EDITED
In case you wanted a non-troll (less troll?) answer, the smallest number divisible by 1-101 that's also greater than zero would be:
7041757898200960193617914702466542659236800
Solution:
I see how my previous answer was incorrect, I just missed a few steps. Not only do we need the product of every prime from 1 to 101, but we need the largest power of each prime that is itself less than 101. This is because every number less than 101 can be factored as a combination of prime numbers, but also, any factor of a number n is necessarily less than n.
So not only do we need...
2*3*5*7*11*13*17*19*23*29*31*37*41*43*47*53*59*61*67*71*73*79*83*89*97*101
We'll also need to include:
The largest power of 2 that is less than 101 (64 = 2^6)
The largest power of 3 that is less than 101 (81 = 3^4)
The largest power of 5 that is less than 101 (25 = 5^2)
And the largest power of 7 that is less than 101 (49 = 7^2).

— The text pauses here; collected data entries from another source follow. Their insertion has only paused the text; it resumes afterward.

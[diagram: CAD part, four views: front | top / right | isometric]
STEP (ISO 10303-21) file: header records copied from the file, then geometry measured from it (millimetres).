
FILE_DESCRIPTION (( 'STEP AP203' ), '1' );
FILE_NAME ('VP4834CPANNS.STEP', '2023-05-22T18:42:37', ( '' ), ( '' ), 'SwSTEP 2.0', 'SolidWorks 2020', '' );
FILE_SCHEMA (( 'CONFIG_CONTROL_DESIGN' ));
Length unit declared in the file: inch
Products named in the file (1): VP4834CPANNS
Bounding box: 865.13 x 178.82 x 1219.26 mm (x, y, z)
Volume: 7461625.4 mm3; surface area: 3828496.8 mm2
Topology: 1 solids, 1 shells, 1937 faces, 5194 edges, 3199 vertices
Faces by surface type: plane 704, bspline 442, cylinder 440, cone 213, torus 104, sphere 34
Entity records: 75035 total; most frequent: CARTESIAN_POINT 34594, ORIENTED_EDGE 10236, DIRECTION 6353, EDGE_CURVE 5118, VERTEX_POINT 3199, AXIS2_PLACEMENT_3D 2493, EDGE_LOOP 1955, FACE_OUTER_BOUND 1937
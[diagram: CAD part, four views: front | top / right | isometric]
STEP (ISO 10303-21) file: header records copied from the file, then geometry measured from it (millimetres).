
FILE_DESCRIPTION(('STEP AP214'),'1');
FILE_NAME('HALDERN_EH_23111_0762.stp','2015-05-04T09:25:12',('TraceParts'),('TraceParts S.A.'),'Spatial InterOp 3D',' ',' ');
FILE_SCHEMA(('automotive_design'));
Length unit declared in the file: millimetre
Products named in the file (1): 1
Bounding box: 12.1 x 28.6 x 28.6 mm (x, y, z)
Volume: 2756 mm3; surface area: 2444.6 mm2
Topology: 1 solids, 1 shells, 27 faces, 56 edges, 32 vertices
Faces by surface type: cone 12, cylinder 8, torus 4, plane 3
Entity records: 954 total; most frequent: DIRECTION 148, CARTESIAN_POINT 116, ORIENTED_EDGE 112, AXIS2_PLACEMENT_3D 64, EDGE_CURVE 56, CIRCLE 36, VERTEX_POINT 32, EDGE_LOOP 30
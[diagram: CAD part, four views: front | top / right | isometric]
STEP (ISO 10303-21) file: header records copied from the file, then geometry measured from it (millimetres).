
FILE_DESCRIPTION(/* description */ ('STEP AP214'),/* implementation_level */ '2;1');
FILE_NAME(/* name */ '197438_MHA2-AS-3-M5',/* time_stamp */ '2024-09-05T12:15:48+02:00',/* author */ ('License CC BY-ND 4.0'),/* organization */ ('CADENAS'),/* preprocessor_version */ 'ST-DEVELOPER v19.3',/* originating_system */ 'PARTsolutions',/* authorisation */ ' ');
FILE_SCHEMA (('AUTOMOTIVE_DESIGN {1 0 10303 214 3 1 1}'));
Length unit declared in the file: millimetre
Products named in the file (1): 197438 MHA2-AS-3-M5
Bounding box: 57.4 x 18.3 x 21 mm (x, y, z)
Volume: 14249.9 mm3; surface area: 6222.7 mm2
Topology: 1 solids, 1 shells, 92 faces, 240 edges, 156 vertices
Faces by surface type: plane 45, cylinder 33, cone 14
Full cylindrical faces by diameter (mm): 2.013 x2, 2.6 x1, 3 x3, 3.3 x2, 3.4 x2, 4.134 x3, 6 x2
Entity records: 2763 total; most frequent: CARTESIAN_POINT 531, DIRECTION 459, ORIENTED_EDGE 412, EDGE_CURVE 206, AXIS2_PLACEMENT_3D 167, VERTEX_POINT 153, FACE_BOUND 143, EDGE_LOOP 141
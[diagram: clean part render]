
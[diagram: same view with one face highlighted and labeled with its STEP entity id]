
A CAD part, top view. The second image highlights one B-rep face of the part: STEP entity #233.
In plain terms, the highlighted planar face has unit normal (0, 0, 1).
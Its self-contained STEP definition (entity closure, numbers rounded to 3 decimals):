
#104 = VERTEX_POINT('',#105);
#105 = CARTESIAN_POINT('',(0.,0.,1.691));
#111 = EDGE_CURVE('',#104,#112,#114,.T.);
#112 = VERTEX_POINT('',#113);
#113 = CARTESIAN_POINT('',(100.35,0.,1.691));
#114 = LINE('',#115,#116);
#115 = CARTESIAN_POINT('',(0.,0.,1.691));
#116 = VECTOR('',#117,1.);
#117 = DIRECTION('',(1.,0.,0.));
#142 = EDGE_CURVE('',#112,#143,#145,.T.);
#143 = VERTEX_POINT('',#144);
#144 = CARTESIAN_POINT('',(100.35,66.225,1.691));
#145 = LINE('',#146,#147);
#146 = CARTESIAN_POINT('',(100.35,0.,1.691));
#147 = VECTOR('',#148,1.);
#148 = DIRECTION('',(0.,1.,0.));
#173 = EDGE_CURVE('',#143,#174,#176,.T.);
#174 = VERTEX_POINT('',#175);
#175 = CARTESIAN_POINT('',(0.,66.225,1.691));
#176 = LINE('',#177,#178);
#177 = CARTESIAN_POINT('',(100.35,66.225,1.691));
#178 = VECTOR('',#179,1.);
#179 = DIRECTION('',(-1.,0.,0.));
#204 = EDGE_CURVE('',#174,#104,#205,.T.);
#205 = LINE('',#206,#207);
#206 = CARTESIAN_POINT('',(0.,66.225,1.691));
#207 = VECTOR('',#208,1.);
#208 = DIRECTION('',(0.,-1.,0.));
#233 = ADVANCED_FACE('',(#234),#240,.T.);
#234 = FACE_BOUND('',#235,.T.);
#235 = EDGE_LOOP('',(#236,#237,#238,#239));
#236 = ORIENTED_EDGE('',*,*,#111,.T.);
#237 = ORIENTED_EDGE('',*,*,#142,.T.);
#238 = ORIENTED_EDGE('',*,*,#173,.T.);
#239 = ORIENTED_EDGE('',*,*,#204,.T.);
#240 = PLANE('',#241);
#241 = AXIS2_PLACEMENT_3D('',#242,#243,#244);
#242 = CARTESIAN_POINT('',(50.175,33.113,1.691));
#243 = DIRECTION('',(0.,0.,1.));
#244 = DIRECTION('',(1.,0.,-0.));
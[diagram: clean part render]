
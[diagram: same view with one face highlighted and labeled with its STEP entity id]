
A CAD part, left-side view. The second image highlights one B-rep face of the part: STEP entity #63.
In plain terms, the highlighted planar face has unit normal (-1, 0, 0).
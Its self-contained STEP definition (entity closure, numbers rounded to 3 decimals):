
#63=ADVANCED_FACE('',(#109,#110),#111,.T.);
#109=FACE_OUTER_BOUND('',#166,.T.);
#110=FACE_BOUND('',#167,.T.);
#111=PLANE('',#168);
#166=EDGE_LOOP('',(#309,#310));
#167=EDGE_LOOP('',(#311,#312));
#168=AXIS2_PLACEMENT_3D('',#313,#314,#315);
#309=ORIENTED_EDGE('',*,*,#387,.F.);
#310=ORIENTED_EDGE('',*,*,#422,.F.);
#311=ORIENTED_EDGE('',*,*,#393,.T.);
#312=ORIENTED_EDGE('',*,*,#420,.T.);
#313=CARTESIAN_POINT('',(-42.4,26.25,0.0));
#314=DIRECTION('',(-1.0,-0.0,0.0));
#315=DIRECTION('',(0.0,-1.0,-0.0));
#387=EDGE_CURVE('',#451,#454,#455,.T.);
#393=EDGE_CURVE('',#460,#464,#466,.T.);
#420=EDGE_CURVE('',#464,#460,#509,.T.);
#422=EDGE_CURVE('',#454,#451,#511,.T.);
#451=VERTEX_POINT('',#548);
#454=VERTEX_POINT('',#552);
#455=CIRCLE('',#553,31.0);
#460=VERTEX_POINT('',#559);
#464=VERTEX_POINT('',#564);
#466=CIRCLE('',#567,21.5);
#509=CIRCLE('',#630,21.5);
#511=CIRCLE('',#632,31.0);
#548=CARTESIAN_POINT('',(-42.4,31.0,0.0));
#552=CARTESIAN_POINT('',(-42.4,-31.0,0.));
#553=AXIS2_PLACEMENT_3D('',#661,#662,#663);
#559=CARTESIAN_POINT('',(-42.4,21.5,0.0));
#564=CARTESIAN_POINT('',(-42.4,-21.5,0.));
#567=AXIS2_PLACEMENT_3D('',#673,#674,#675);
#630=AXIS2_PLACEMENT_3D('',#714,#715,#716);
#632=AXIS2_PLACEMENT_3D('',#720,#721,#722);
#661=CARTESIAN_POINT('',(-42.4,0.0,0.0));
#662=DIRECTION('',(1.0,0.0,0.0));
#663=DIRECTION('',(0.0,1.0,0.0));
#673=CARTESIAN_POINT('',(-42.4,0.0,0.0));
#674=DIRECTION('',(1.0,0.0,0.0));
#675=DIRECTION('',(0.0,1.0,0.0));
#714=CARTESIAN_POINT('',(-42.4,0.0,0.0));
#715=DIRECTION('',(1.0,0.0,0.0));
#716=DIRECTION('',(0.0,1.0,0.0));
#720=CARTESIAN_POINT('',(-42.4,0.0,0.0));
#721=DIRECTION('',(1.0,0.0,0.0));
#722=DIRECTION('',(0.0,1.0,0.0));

The smallest power of 11, the next prime number, is 121, which is too large. Thus, our final product becomes:
2*2*2*2*2*3*3*3*3*5*5*7*7*11*13*17*19*23*29*31*37*41*43*47*53*59*61*67*71*73*79*83*89*97*101
= 7041757898200960193617914702466542659236800
Indeed, another answer using Ruby seems to have given the same result. This, above, is the mathematical proof of that.